2. The monitoring method according to claim 1, characterized in that, The discarding of low-order alignment bits includes: shifting the original program counter value or the original return address value to the right by M bits, where M is a positive integer greater than or equal to 1; The discarding of high-order address bits includes: based on discarding low-order alignment bits, discarding high-order bits in the original program count value or the original return address value that exceed the address width, according to a preset address width.

3. The monitoring method according to claim 2, characterized in that, The address width is determined based on the size of the address space occupied by the program code segment.

4. The monitoring method according to claim 2, characterized in that, The value of M is 1, and the preset address width is 20.

5. The monitoring method according to claim 1, characterized in that, The address range determination includes: When the original program counter value falls within the first preset address range, the program counter position flag is set to a first value to indicate that the program is executed on the storage medium inside the processor; when the original program counter value falls within the second preset address range, the program counter position flag is set to a second value to indicate that the program is executed on the storage medium outside the processor. When the original return address value falls within the first preset address range, the return address location flag is set to a first value to indicate that the original return address points to the storage medium inside the processor; when the original return address value falls within the second preset address range, the return address location flag is set to a second value to indicate that the original return address points to the storage medium outside the processor.

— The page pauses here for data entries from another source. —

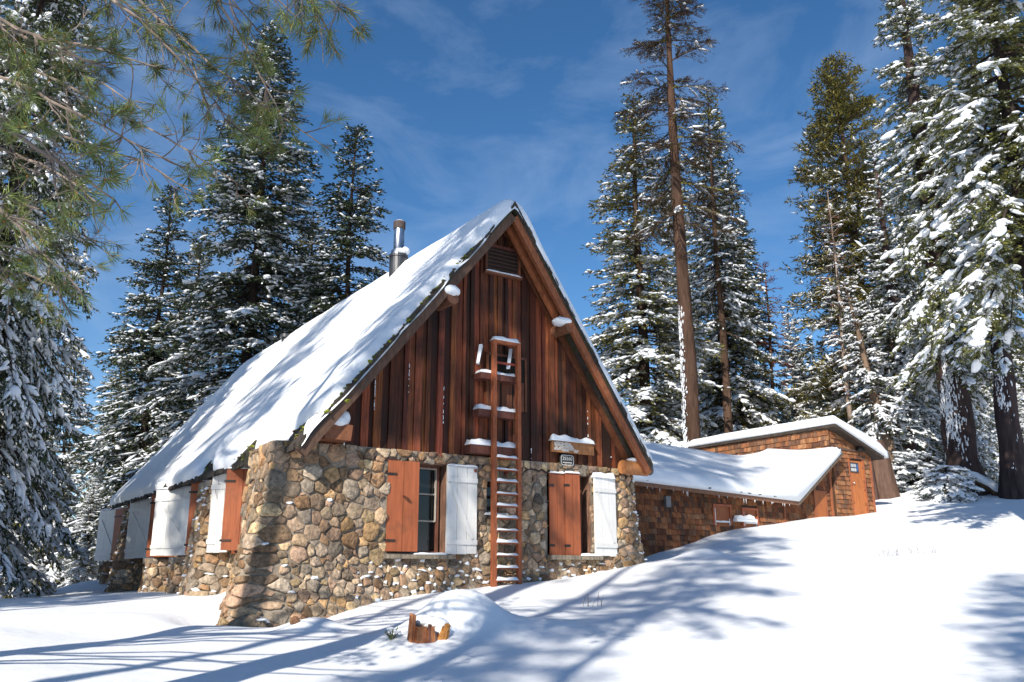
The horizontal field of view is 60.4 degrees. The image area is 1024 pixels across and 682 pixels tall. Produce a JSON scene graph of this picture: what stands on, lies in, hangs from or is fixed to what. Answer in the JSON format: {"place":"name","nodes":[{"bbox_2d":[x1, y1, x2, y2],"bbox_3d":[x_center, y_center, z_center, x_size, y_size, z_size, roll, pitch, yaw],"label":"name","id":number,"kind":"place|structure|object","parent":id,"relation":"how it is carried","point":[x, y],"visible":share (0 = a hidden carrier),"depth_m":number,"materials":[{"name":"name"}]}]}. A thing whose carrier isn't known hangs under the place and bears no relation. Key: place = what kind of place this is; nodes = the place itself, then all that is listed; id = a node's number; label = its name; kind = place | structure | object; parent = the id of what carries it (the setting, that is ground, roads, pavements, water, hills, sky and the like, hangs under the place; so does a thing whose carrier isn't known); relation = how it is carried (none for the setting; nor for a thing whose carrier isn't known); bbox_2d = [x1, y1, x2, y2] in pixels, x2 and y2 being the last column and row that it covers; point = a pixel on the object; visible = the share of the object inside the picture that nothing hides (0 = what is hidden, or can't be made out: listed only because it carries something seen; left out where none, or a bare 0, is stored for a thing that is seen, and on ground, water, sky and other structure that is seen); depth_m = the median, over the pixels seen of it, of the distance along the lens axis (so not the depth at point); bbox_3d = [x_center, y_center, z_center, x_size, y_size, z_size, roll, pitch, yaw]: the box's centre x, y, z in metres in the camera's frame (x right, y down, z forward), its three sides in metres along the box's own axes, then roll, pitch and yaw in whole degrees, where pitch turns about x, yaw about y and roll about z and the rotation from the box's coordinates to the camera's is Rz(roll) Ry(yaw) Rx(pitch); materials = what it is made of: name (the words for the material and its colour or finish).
{"place":"outdoors","nodes":[
{"label":"outdoors","id":0,"kind":"place"},
{"bbox_2d":[0,490,1023,681],"bbox_3d":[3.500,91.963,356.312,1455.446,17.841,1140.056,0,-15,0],"label":"snowy ground","id":1,"kind":"structure","parent":0,"point":[829,599],"depth_m":12.00,"materials":[{"name":"white snow"}]},
{"bbox_2d":[4,490,49,591],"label":"fir tree","id":2,"kind":"object","parent":1,"relation":"on","point":[41,567],"visible":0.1,"depth_m":31.89,"materials":[{"name":"green plant"}]},
{"bbox_2d":[0,0,103,597],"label":"fir tree","id":3,"kind":"object","parent":1,"relation":"on","point":[73,260],"visible":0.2,"depth_m":27.11,"materials":[{"name":"green plant"}]},
{"bbox_2d":[0,0,104,598],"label":"fir tree","id":4,"kind":"object","parent":1,"relation":"on","point":[31,421],"visible":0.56,"depth_m":22.87,"materials":[{"name":"green plant"}]},
{"bbox_2d":[16,337,97,587],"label":"fir tree","id":5,"kind":"object","parent":1,"relation":"on","point":[55,575],"visible":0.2,"depth_m":40.02,"materials":[{"name":"green plant"}]},
{"bbox_2d":[57,478,104,587],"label":"fir tree","id":6,"kind":"object","parent":1,"relation":"on","point":[78,573],"visible":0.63,"depth_m":34.94,"materials":[{"name":"green plant"}]},
{"bbox_2d":[62,318,136,578],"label":"fir tree","id":7,"kind":"object","parent":1,"relation":"on","point":[101,476],"visible":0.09,"depth_m":52.00,"materials":[{"name":"green plant"}]},
{"bbox_2d":[35,184,206,586],"bbox_3d":[-16.361,1.856,39.647,8.114,19.331,7.993,0,-15,0],"label":"fir tree","id":8,"kind":"object","parent":1,"relation":"on","point":[109,454],"visible":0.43,"depth_m":39.52,"materials":[{"name":"green plant"}]},
{"bbox_2d":[123,226,220,482],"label":"fir tree","id":9,"kind":"object","parent":1,"relation":"on","point":[193,248],"visible":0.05,"depth_m":47.13,"materials":[{"name":"green plant"}]},
{"bbox_2d":[0,0,375,336],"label":"long needle pine","id":10,"kind":"object","parent":1,"relation":"on","point":[29,86],"visible":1,"depth_m":7.03,"materials":[{"name":"green plant"}]},
{"bbox_2d":[87,20,336,552],"bbox_3d":[-11.069,-2.244,37.957,10.906,25.955,11.580,5,-16,-19],"label":"fir tree","id":11,"kind":"object","parent":1,"relation":"on","point":[249,314],"visible":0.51,"depth_m":37.40,"materials":[{"name":"green plant"}]},
{"bbox_2d":[196,296,242,390],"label":"fir tree","id":12,"kind":"object","parent":1,"relation":"on","point":[230,364],"visible":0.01,"depth_m":49.55,"materials":[{"name":"green plant"}]},
{"bbox_2d":[226,614,267,627],"bbox_3d":[-4.169,4.571,13.897,0.561,0.495,0.584,-14,-20,41],"label":"boulder","id":13,"kind":"object","parent":1,"relation":"on","point":[251,620],"visible":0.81,"depth_m":13.79,"materials":[{"name":"stone"}]},
{"bbox_2d":[290,616,299,624],"bbox_3d":[-3.112,4.046,12.640,0.146,0.172,0.170,0,-15,0],"label":"boulder","id":14,"kind":"object","parent":1,"relation":"on","point":[294,619],"visible":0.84,"depth_m":12.58,"materials":[{"name":"stone"}]},
{"bbox_2d":[273,210,333,335],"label":"fir tree","id":15,"kind":"object","parent":1,"relation":"on","point":[304,242],"depth_m":49.89,"materials":[{"name":"green plant"}]},
{"bbox_2d":[301,613,307,618],"bbox_3d":[-3.016,4.023,12.740,0.103,0.160,0.111,0,-15,0],"label":"boulder","id":16,"kind":"object","parent":1,"relation":"on","point":[303,615],"visible":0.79,"depth_m":12.72,"materials":[{"name":"stone"}]},
{"bbox_2d":[247,121,391,466],"bbox_3d":[-6.672,0.150,36.320,8.241,19.932,8.366,8,-17,-29],"label":"fir tree","id":17,"kind":"object","parent":1,"relation":"on","point":[347,239],"visible":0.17,"depth_m":36.98,"materials":[{"name":"green plant"}]},
{"bbox_2d":[94,199,653,627],"bbox_3d":[-5.155,2.662,24.724,10.184,10.048,19.481,10,-18,-32],"label":"stone cabin","id":18,"kind":"object","parent":1,"relation":"on","point":[344,430],"visible":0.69,"depth_m":17.96,"materials":[{"name":"brown stone"}]},
{"bbox_2d":[94,504,140,560],"bbox_3d":[-12.480,6.133,28.114,0.609,1.708,4.438,11,-18,-35],"label":"window","id":19,"kind":"structure","parent":18,"relation":"in","point":[110,520],"depth_m":29.25,"materials":[{"name":"wood"}]},
{"bbox_2d":[124,492,173,558],"bbox_3d":[-10.125,5.193,24.557,0.622,1.734,3.747,10,-18,-32],"label":"window","id":20,"kind":"structure","parent":18,"relation":"in","point":[141,513],"depth_m":25.42,"materials":[{"name":"white wood"}]},
{"bbox_2d":[150,479,212,555],"bbox_3d":[-7.953,4.320,21.342,0.613,1.706,3.144,11,-19,-36],"label":"window","id":21,"kind":"structure","parent":18,"relation":"in","point":[174,509],"depth_m":21.94,"materials":[{"name":"white wood"}]},
{"bbox_2d":[206,467,249,553],"bbox_3d":[-5.871,3.539,18.318,0.655,1.712,1.812,10,-18,-32],"label":"window","id":22,"kind":"structure","parent":18,"relation":"in","point":[224,529],"depth_m":17.90,"materials":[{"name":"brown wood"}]},
{"bbox_2d":[383,460,477,558],"bbox_3d":[-1.600,3.225,16.741,2.006,1.821,0.471,10,-18,-32],"label":"window","id":23,"kind":"structure","parent":18,"relation":"in","point":[413,497],"depth_m":16.80,"materials":[{"name":"brown wood"}]},
{"bbox_2d":[464,336,521,586],"bbox_3d":[-0.369,2.442,17.542,1.184,5.235,0.476,10,-18,-32],"label":"wall ladder","id":24,"kind":"object","parent":18,"relation":"attached to","point":[494,448],"depth_m":17.54,"materials":[{"name":"brown wood"}]},
{"bbox_2d":[484,482,508,515],"bbox_3d":[-0.351,3.153,17.585,0.600,0.660,0.250,10,-18,-32],"label":"window","id":25,"kind":"structure","parent":18,"relation":"in","point":[488,512],"depth_m":17.63,"materials":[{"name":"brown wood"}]},
{"bbox_2d":[560,454,573,465],"bbox_3d":[1.168,2.529,18.698,0.360,0.240,0.036,10,-18,-32],"label":"number plate","id":26,"kind":"object","parent":18,"relation":"attached to","point":[568,459],"visible":1,"depth_m":18.68,"materials":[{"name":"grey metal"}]},
{"bbox_2d":[548,434,594,455],"bbox_3d":[1.289,2.217,18.818,1.180,0.391,0.150,10,-18,-32],"label":"name board","id":27,"kind":"object","parent":18,"relation":"attached to","point":[567,444],"visible":1,"depth_m":18.75,"materials":[{"name":"brown wood"}]},
{"bbox_2d":[546,471,617,559],"bbox_3d":[1.425,3.701,18.687,1.802,1.863,0.495,10,-18,-32],"label":"window","id":28,"kind":"structure","parent":18,"relation":"in","point":[564,502],"depth_m":18.47,"materials":[{"name":"brown wood"}]},
{"bbox_2d":[384,626,400,640],"bbox_3d":[-1.544,3.768,11.328,0.223,0.187,0.226,-12,-19,39],"label":"fir sprig","id":29,"kind":"object","parent":1,"relation":"on","point":[390,635],"visible":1,"depth_m":11.31,"materials":[{"name":"green plant"}]},
{"bbox_2d":[407,613,457,643],"bbox_3d":[-0.984,3.734,11.353,0.722,0.428,0.626,0,-15,0],"label":"rotten stump","id":30,"kind":"object","parent":1,"relation":"on","point":[426,628],"visible":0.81,"depth_m":11.17,"materials":[{"name":"brown wood"}]},
{"bbox_2d":[0,329,1023,516],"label":"distant woods","id":31,"kind":"object","parent":1,"relation":"on","point":[808,362],"depth_m":83.63,"materials":[{"name":"green plant"}]},
{"bbox_2d":[580,92,735,446],"bbox_3d":[5.614,-1.386,38.718,8.654,21.380,8.068,0,-15,0],"label":"fir tree","id":32,"kind":"object","parent":1,"relation":"on","point":[648,406],"visible":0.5,"depth_m":38.19,"materials":[{"name":"green plant"}]},
{"bbox_2d":[650,261,679,435],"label":"fir tree","id":33,"kind":"object","parent":1,"relation":"on","point":[665,286],"visible":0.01,"depth_m":48.81,"materials":[{"name":"green plant"}]},
{"bbox_2d":[612,0,751,447],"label":"half dead tree","id":34,"kind":"object","parent":1,"relation":"on","point":[690,395],"visible":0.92,"depth_m":37.12,"materials":[{"name":"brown plant"}]},
{"bbox_2d":[652,127,719,434],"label":"fir tree","id":35,"kind":"object","parent":1,"relation":"on","point":[672,249],"visible":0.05,"depth_m":53.29,"materials":[{"name":"green plant"}]},
{"bbox_2d":[688,126,769,432],"bbox_3d":[9.385,-1.012,39.525,4.108,19.037,3.302,-7,-16,23],"label":"bare trunk tree","id":36,"kind":"object","parent":1,"relation":"on","point":[717,277],"visible":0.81,"depth_m":39.80,"materials":[{"name":"green plant"}]},
{"bbox_2d":[669,91,796,436],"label":"fir tree","id":37,"kind":"object","parent":1,"relation":"on","point":[713,411],"visible":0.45,"depth_m":43.16,"materials":[{"name":"green plant"}]},
{"bbox_2d":[633,441,843,556],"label":"shingled wing","id":38,"kind":"structure","parent":1,"relation":"on","point":[684,496],"depth_m":25.87,"materials":[{"name":"brown wood"}]},
{"bbox_2d":[712,504,732,526],"bbox_3d":[6.069,5.063,25.358,0.760,0.700,0.080,10,-18,-32],"label":"window","id":39,"kind":"structure","parent":38,"relation":"in","point":[721,513],"depth_m":25.38,"materials":[{"name":"orange paint"}]},
{"bbox_2d":[741,507,758,527],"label":"window","id":40,"kind":"structure","parent":38,"relation":"in","point":[744,511],"depth_m":26.00,"materials":[{"name":"orange paint"}]},
{"bbox_2d":[700,172,787,431],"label":"fir tree","id":41,"kind":"object","parent":1,"relation":"on","point":[739,355],"visible":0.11,"depth_m":45.28,"materials":[{"name":"green plant"}]},
{"bbox_2d":[747,261,795,422],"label":"dead snag","id":42,"kind":"object","parent":1,"relation":"on","point":[769,316],"visible":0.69,"depth_m":44.51,"materials":[{"name":"plant"}]},
{"bbox_2d":[676,415,888,516],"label":"shingled shed","id":43,"kind":"structure","parent":1,"relation":"on","point":[852,483],"depth_m":29.29,"materials":[{"name":"brown wood"}]},
{"bbox_2d":[848,459,868,515],"bbox_3d":[11.446,4.878,28.988,0.820,1.930,0.100,10,-18,-32],"label":"door","id":44,"kind":"structure","parent":43,"relation":"in","point":[857,474],"depth_m":29.00,"materials":[{"name":"orange paint"}]},
{"bbox_2d":[772,313,812,422],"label":"fir tree","id":45,"kind":"object","parent":1,"relation":"on","point":[784,355],"visible":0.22,"depth_m":48.17,"materials":[{"name":"green plant"}]},
{"bbox_2d":[808,340,841,410],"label":"fir tree","id":46,"kind":"object","parent":1,"relation":"on","point":[820,351],"visible":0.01,"depth_m":46.28,"materials":[{"name":"green plant"}]},
{"bbox_2d":[816,187,867,426],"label":"dead snag","id":47,"kind":"object","parent":1,"relation":"on","point":[845,387],"visible":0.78,"depth_m":41.25,"materials":[{"name":"green plant"}]},
{"bbox_2d":[776,50,975,457],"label":"pine tree","id":48,"kind":"object","parent":1,"relation":"on","point":[845,109],"visible":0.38,"depth_m":44.75,"materials":[{"name":"green plant"}]},
{"bbox_2d":[834,278,936,462],"bbox_3d":[15.139,1.918,36.648,3.389,9.711,3.417,-9,-15,-2],"label":"leaning tree","id":49,"kind":"object","parent":1,"relation":"on","point":[882,418],"visible":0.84,"depth_m":36.53,"materials":[{"name":"green plant"}]},
{"bbox_2d":[871,440,900,499],"bbox_3d":[13.923,4.907,33.363,1.413,2.410,1.237,0,-15,0],"label":"broken trunk","id":50,"kind":"object","parent":1,"relation":"on","point":[885,483],"visible":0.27,"depth_m":32.83,"materials":[{"name":"brown plant"}]},
{"bbox_2d":[853,139,942,455],"bbox_3d":[16.651,-1.286,38.489,4.451,16.622,4.134,0,-15,0],"label":"fir tree","id":51,"kind":"object","parent":1,"relation":"on","point":[891,293],"visible":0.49,"depth_m":38.57,"materials":[{"name":"green plant"}]},
{"bbox_2d":[891,449,945,495],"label":"bent sapling","id":52,"kind":"object","parent":1,"relation":"on","point":[909,467],"visible":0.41,"depth_m":33.84,"materials":[{"name":"green plant"}]},
{"bbox_2d":[891,196,945,464],"bbox_3d":[19.117,0.066,41.373,3.473,15.340,3.725,-8,-17,29],"label":"fir tree","id":53,"kind":"object","parent":1,"relation":"on","point":[930,442],"visible":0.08,"depth_m":39.94,"materials":[{"name":"green plant"}]},
{"bbox_2d":[867,0,1023,495],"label":"fir","id":54,"kind":"object","parent":1,"relation":"on","point":[958,428],"visible":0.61,"depth_m":35.23,"materials":[{"name":"green plant"}]},
{"bbox_2d":[912,465,984,503],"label":"bent sapling","id":55,"kind":"object","parent":1,"relation":"on","point":[944,483],"visible":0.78,"depth_m":31.21,"materials":[{"name":"green plant"}]},
{"bbox_2d":[880,0,1023,387],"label":"fir","id":56,"kind":"object","parent":1,"relation":"on","point":[992,27],"visible":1,"depth_m":22.78,"materials":[{"name":"green plant"}]},
{"bbox_2d":[931,206,998,482],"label":"fir tree","id":57,"kind":"object","parent":1,"relation":"on","point":[988,463],"visible":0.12,"depth_m":45.30,"materials":[{"name":"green plant"}]},
{"bbox_2d":[915,0,1023,499],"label":"fir","id":58,"kind":"object","parent":1,"relation":"on","point":[1011,453],"visible":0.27,"depth_m":31.45,"materials":[{"name":"green plant"}]},
{"bbox_2d":[967,471,997,495],"bbox_3d":[17.251,5.274,31.937,1.463,1.273,0.425,-5,-16,18],"label":"fallen log","id":59,"kind":"object","parent":1,"relation":"on","point":[988,485],"visible":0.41,"depth_m":31.86,"materials":[{"name":"brown wood"}]},
{"bbox_2d":[977,301,1023,480],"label":"fir tree","id":60,"kind":"object","parent":1,"relation":"on","point":[1020,391],"visible":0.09,"depth_m":52.75,"materials":[{"name":"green plant"}]},
{"bbox_2d":[1016,387,1023,440],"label":"fir tree","id":61,"kind":"object","parent":1,"relation":"on","point":[1021,420],"visible":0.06,"depth_m":47.29,"materials":[{"name":"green plant"}]},
{"bbox_2d":[0,0,1023,519],"label":"sky","id":62,"kind":"structure","parent":0,"point":[468,107],"materials":[{"name":"blue"}]}
]}

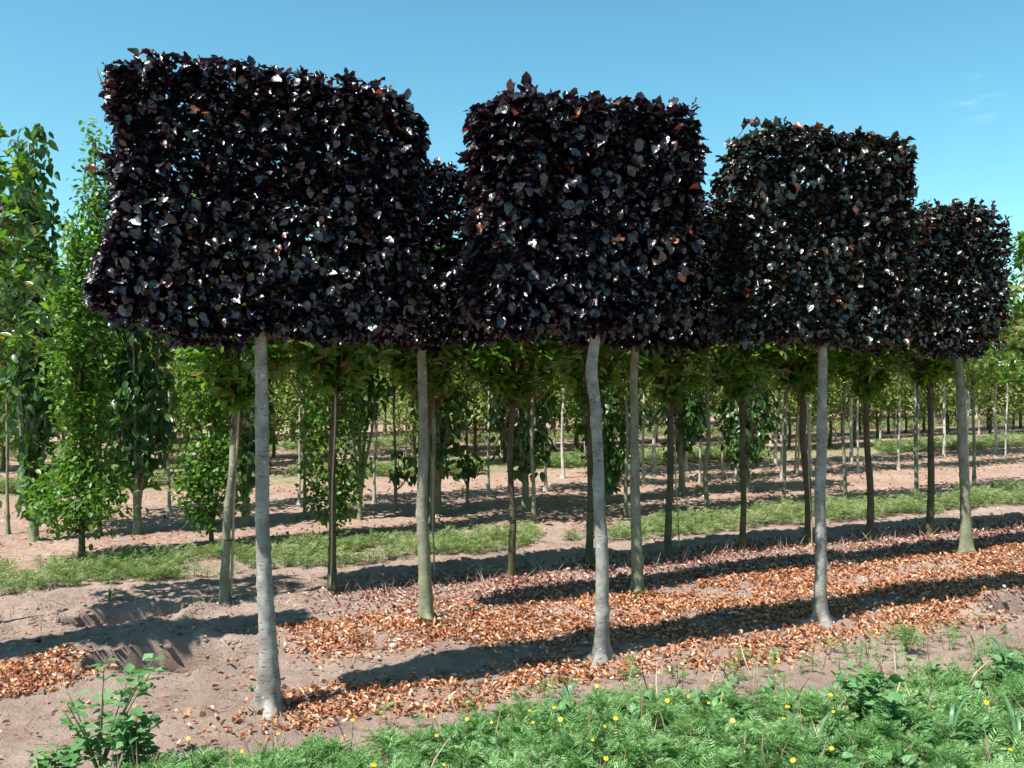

6. The monitoring method according to claim 1, characterized in that, The preset triggering conditions include at least one of the following triggering conditions: First trigger condition: The original program counter value changes; Second trigger condition: The original return address value changes; The third triggering condition is that either the original program counter value or the original return address value changes.

7. The monitoring method according to claim 6, characterized in that, The monitoring method also includes: A configuration register is provided to store the user-configured mode value; Based on the mode value, the corresponding trigger condition is selected as the preset trigger condition.

8. The monitoring method according to claim 7, characterized in that, The configuration register is 2 bits, with a value of 0x00 corresponding to the first trigger condition, 0x01 corresponding to the second trigger condition, and 0x10 corresponding to the third trigger condition.

9. The monitoring method according to claim 1, characterized in that, The fixed-width monitoring data packet is 64 bits, the hardware timestamp is 22 bits, the program counter position flag and the return address position flag are each 1 bit, and the compression program count value and the compression return address value are each 20 bits.

10. A chip device, characterized in that, include: Memory, used to store one or more programs; processor; When the one or more programs are executed by the processor, the monitoring method as described in any one of claims 1-9 is implemented.